According to the team, the bulk of the information was extracted from the electromagnetic waves, which accounted for about 80% of the useful data. The remaining data came from acoustic waves.
The results are important because, as the 3D-printing industry continues to progress and find its way into many important manufacturing areas, anyone with a smartphone (think disgruntled employee or industrial spy) is capable of stealing intellectual property.
“Smartphones are so common that industries may let their guard down, thus creating a situation where intellectual property is ripe for theft,” said Chi Zhou, PhD, assistant professor in UB’s Department of Industrial and Systems Engineering, another study co-author.
So how do we make 3D printers more secure?
The researchers suggest some security options for 3D printers. One such option is to keep smartphones significant distance away from 3D printers. The ability to obtain accurate data for simple objects diminished to 87% at 30 centimeters, and 66% at 40 centimeters, according to the study.
Another option is to increase print speeds. They say that new materials may allow 3D printers to work faster, and therefore make it more difficult for smartphone sensors to pick up the print nozzle’s movement.

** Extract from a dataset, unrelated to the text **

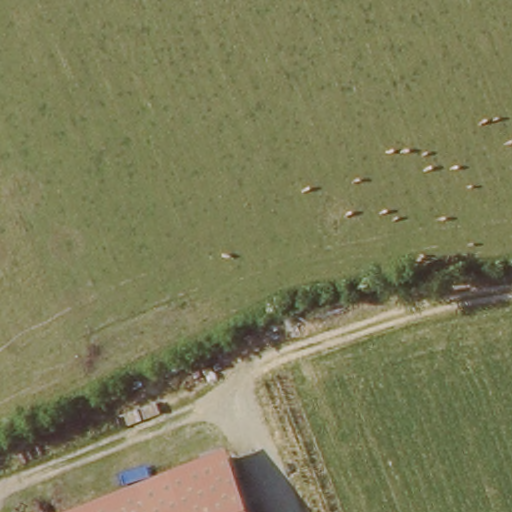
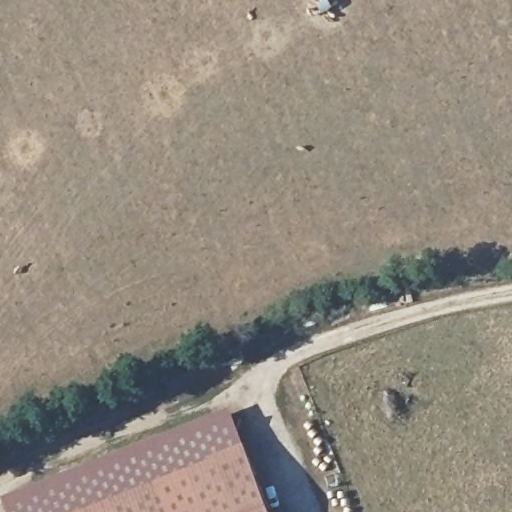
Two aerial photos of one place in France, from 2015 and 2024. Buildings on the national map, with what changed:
new [(90,512),(10,512),(5,499),(232,409),(248,452),(90,512)]
unchanged [(248,452),(272,512),(90,512),(248,452)]

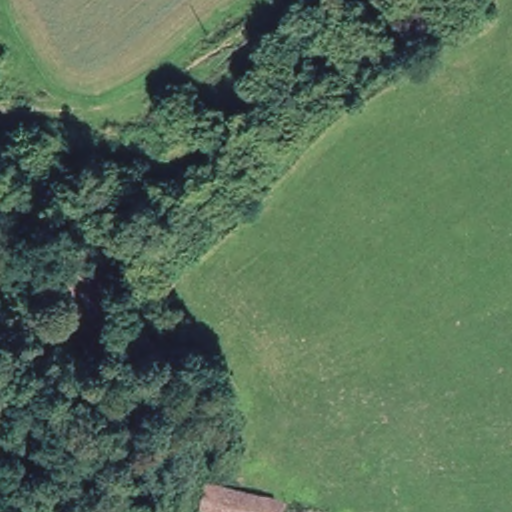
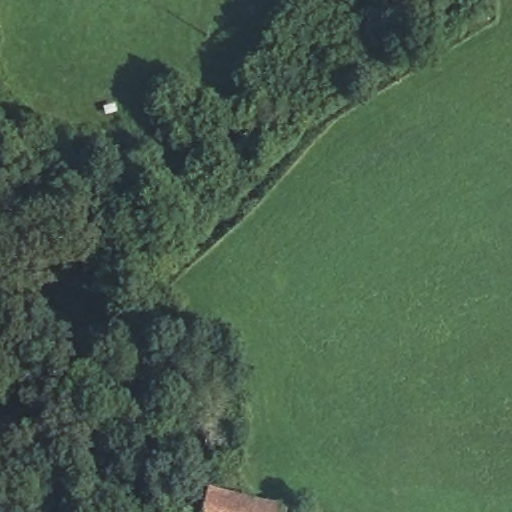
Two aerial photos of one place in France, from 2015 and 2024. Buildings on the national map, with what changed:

Other ideas included software-based solutions, such as programming the printer to operate at different speeds, and hardware-based ideas, such as acoustic and electromagnetic shields.
Xu and collaborators will present the research, “My Smartphone Knows What You Print: Exploring Smartphone-based Side-channel Attacks Against 3D Printers,” at the Association for Computing Machinery’s 23rd annual Conference on Computer and Communications Security in October in Austria.